Thank you, your answer clarified my thinking a lot, but there is one thing.
I am not feeding different size images in the training phase.
I use 48x48 patches for training in the training phase and 1024x720 images for testing when applied to IPT and VIT, and the model does not report errors due to the dynamic feeding of the image size. It is the same as when you pass x_size to each module in the code.
Since the attention window in the training phase is 48x48 images, this can seriously affect the performance in terms of image recovery when testing with other arbitrary resolution images? I have a feeling that this is not the right way to go, but I am not sure.

Yes, I can expect a severe performance drop if you do so. Just test your idea on IPT and see the PSNR drop.

I am confused that you change window_size to 8 instead of 7 ?
You just padding image to a multiple of window_size, while swin transformer first padding image to multiple of patch_size ? Is that because 8 is the multiple of 4, and so you change the window_size.

7 also works. I choose 8 because 6x8=48, 8x8=64, which can be used for fair comparison with existing SR works.

Besides, 8x8 doesn't work for JPEG compression artifact reduction. One possible reason is that JPEG uses 8x8 patches in encoding.

Thank you. For JEPG, the input image size is 126 , it gets 133 after padding, and then through patch embeding , the patch resolution is 33 . In the window_partition , it cannot be divided exactly and maybe lose some information, am I corrrect? I see swin transformer for detection padding for several times, so I am confused why padding like this.

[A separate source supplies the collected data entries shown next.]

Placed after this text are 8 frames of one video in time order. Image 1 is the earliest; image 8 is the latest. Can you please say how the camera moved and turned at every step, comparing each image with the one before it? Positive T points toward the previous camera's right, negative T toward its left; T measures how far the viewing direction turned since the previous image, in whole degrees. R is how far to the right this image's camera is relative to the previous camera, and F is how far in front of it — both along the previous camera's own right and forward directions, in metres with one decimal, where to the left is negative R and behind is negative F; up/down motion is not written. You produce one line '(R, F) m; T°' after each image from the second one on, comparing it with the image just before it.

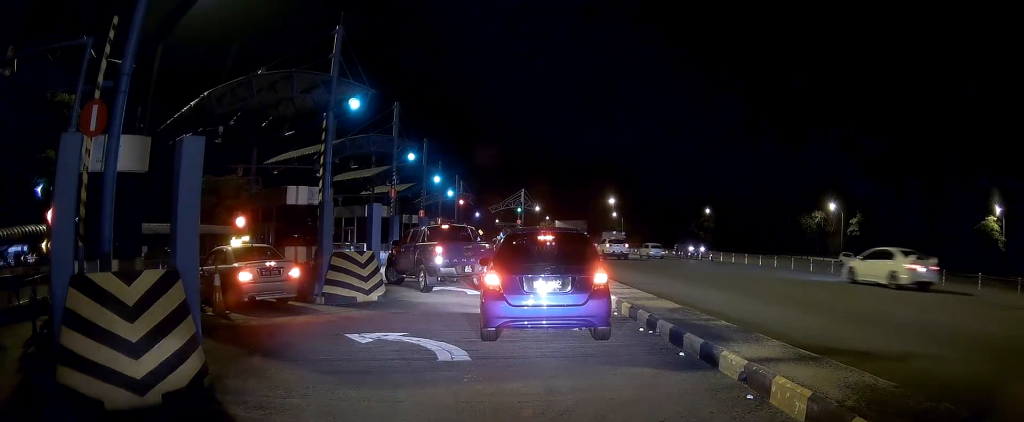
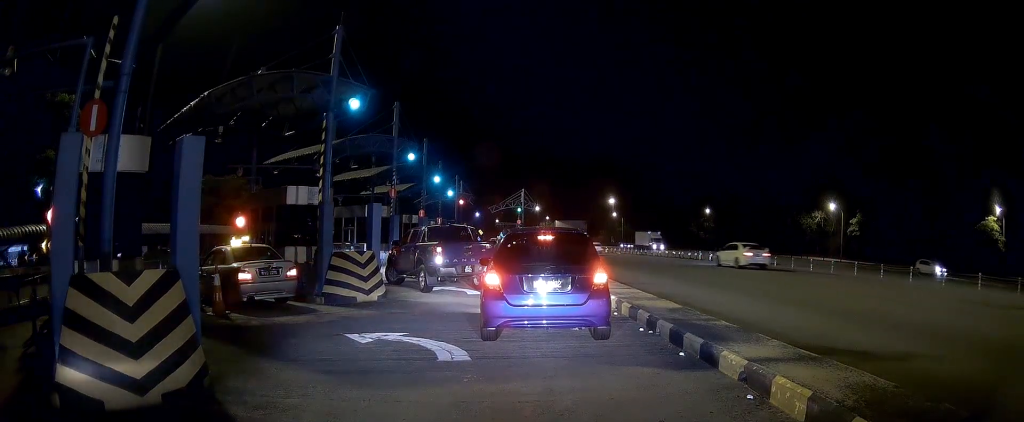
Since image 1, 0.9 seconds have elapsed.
(0.0, 0.0) m; 0°
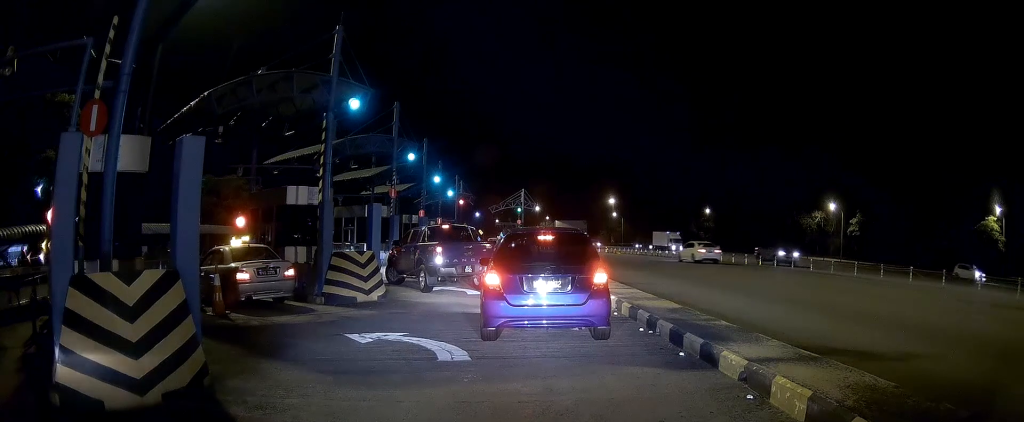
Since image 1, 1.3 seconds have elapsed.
(0.0, 0.0) m; 0°
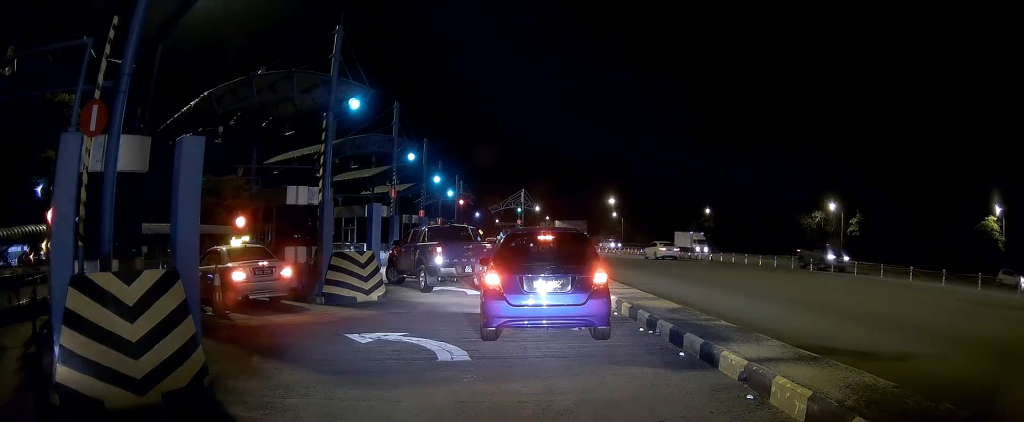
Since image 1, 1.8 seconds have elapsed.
(0.0, 0.0) m; 0°
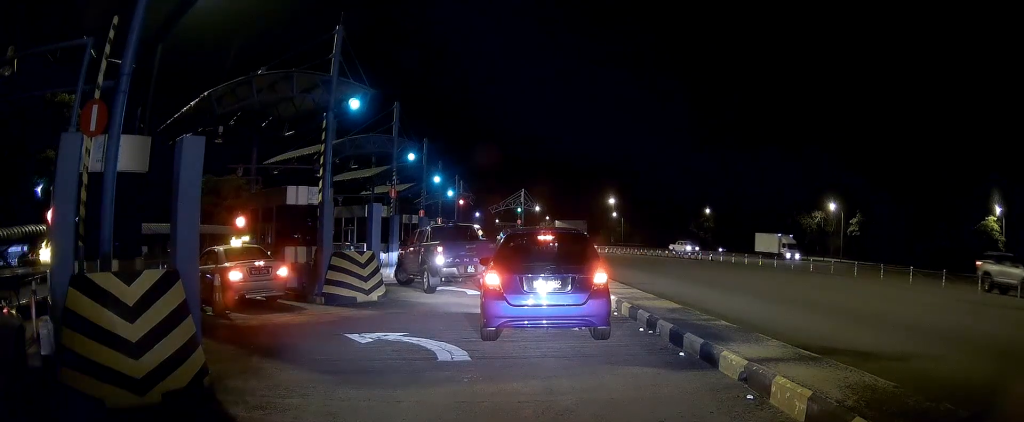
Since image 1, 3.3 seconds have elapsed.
(0.0, 0.0) m; 0°
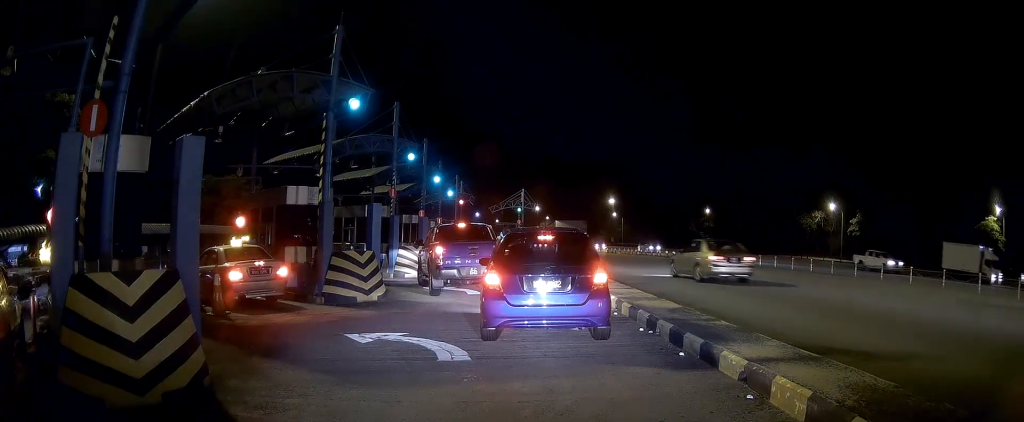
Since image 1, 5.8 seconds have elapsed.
(0.0, 0.0) m; 0°
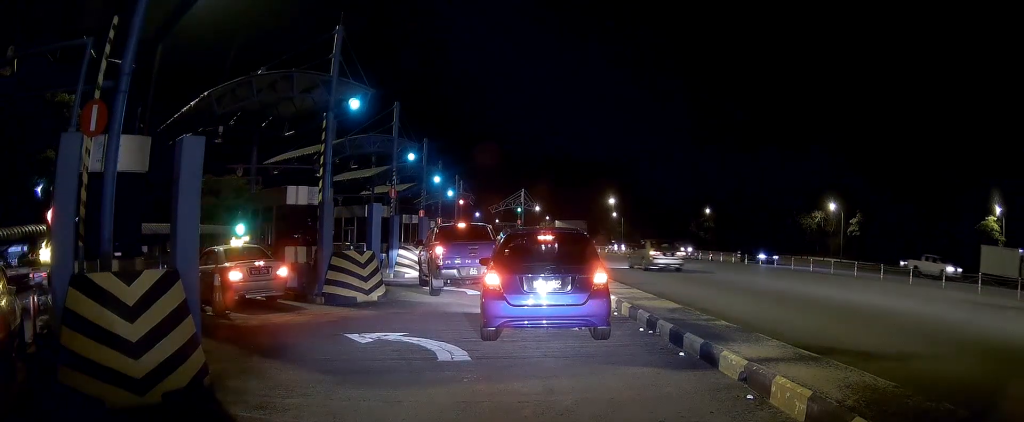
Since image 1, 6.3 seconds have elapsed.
(0.0, 0.0) m; 0°
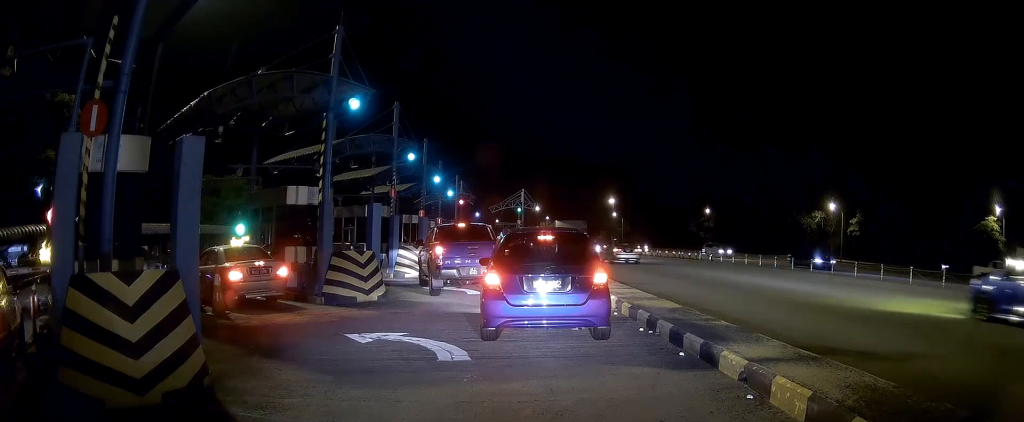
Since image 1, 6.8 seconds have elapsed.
(0.0, 0.0) m; 0°
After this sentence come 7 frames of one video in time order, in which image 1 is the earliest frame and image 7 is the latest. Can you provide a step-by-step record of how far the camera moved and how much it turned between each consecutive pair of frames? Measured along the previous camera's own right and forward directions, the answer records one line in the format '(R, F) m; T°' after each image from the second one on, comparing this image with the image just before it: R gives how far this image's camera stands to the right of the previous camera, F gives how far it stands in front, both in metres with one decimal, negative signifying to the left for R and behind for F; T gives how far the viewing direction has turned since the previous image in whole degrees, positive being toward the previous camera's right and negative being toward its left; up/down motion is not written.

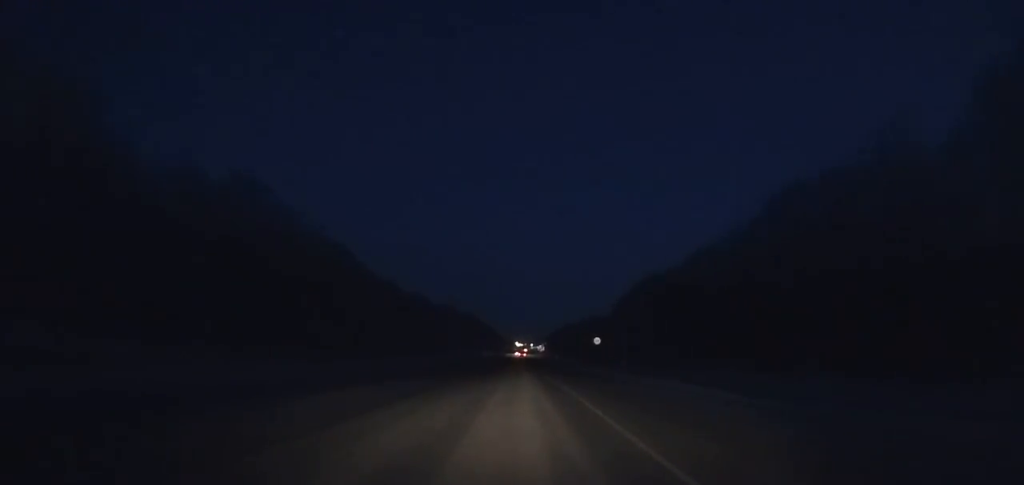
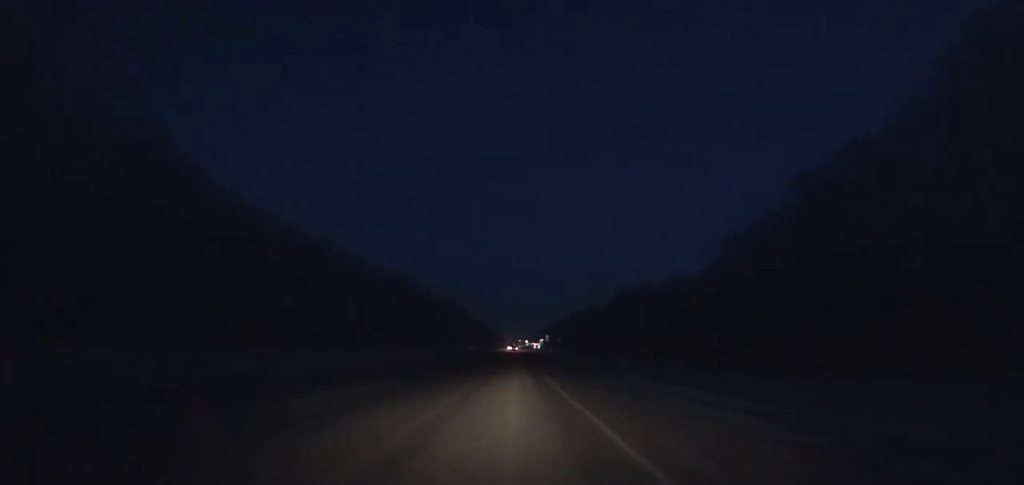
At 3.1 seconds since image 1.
(+0.2, +66.5) m; 0°
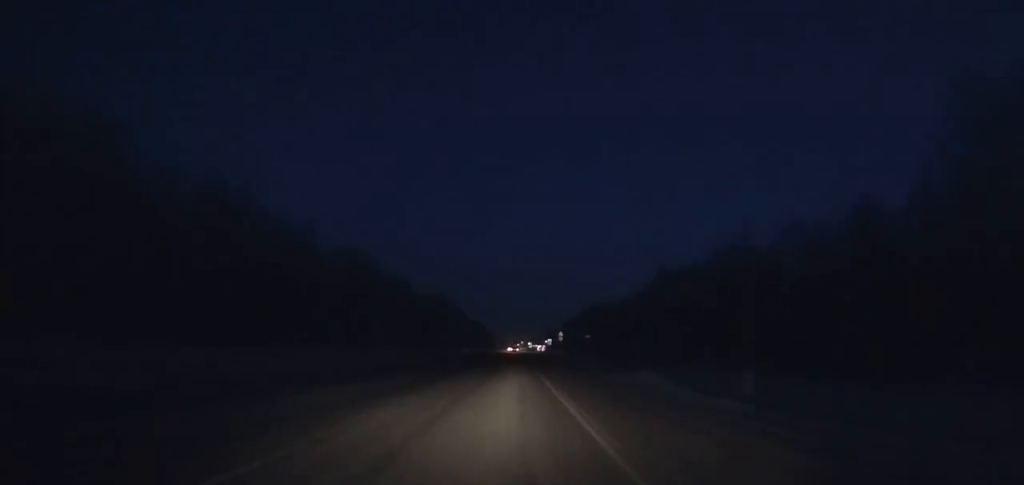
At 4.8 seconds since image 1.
(+0.1, +36.3) m; 0°
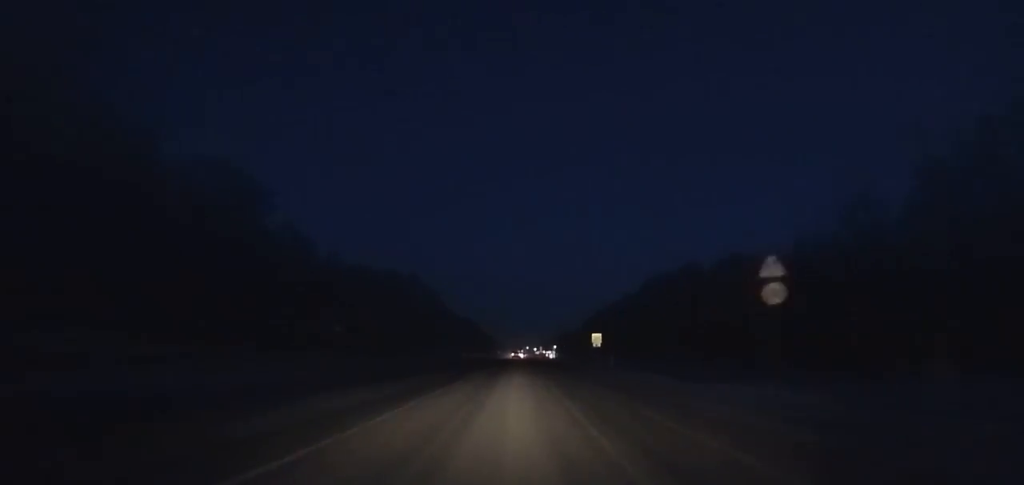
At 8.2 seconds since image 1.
(-0.2, +71.6) m; 0°
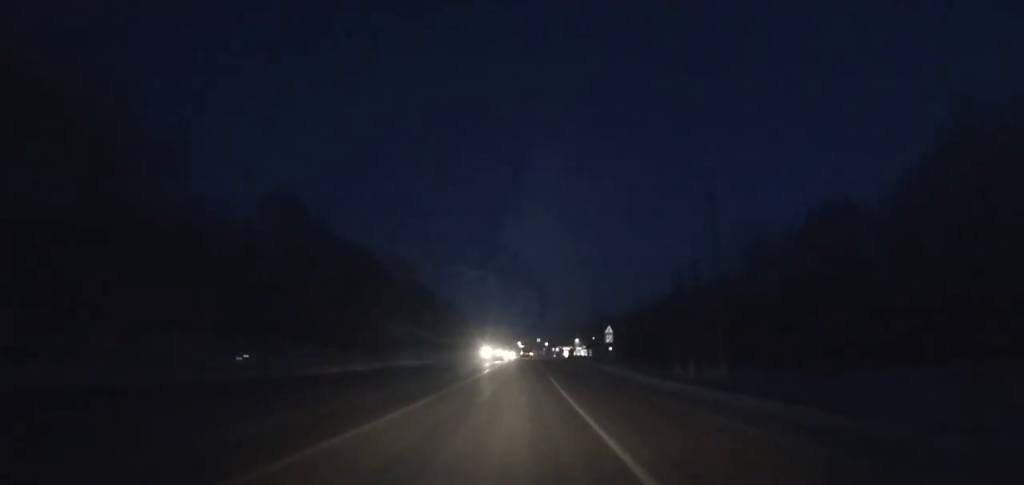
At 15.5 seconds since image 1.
(-0.2, +147.2) m; 0°
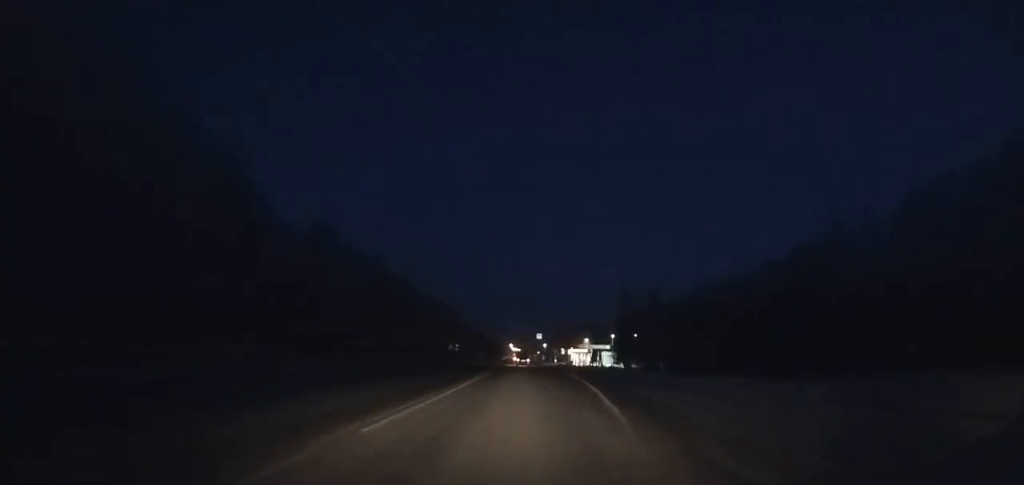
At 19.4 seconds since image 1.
(+0.2, +74.3) m; 0°
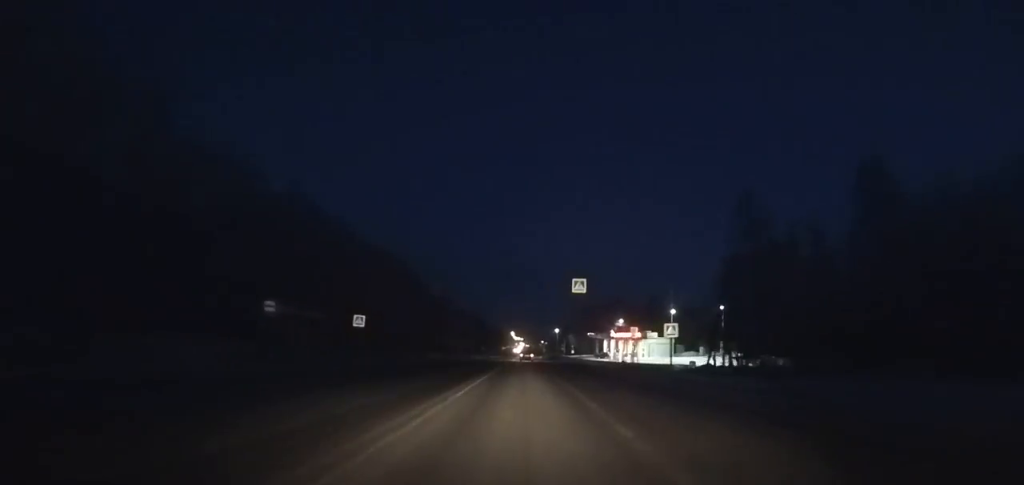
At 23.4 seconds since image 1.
(+0.1, +73.6) m; 0°

No, we use 126x126 patch and 7x7 window size for training JPEG CAR, so the patch number is (126/7)x(126/7)=18x18. We don't use any padding inside the model. In testing, we pad the testing image to be a multiple of 7. See

SwinIR/main_test_swinir.py

Line 56 in 5bd10ce

# pad input image to be a multiple of window_size

不，我们使用 126x126 的补丁和 7x7 的窗口大小来训练 JPEG CAR，因此补丁编号是 (126/7)x(126/7)=18x18。我们不在模型内部使用任何填充。在测试中，我们将测试图像填充为 7 的倍数。参见

SwinIR/main_test_swinir.py

Line 56 in 5bd10ce

# pad input image to be a multiple of window_size

Thanks a lot ! I get it !

Thanks for sharing this contributional work! In padding code, you use h_pad = (h_old // window_size + 1 ) * window_size - h_old can process the arbitrary images, but the outputs of SwinIR are different the inputs. Is it possible to ensure the input and output sizes are always the same? Even the size of input image is not a multiple of 8.

No. SwinIR operates on a small window (8x8), so you always have to pad it to be a multiple of 8 in testing. After testing, you crop it to be the same size as the GT HR image. This operation has little impact on the final performance.

No. SwinIR operates on a small window (8x8), so you always have to pad it to be a multiple of 8 in testing. After testing, you crop it to be the same size as the GT HR image. This operation has little impact on the final performance.

Thanks a lot, I will try it.

Feel free to open it if you have more questions.

SwinIR solves the resolution-adaptivity problem of Transformers for low-level vision, which is great. However, the adopted window attention can only attain local interactions, which might restrict its model capacity.

We gently invite you to check out our MAXIM model accepted to CVPR 2022 Oral. It contains both global and local MLPs that can also directly test on images with arbitrary sizes. We test on slightly different image restoration tasks -- denoising, deblurring, draining, dehazing, enhancement. Our code and model has been released at https://github.com/google-research/maxim

Why SwinIR can be directly (not patch by patch) tested on images with arbitrary sizes?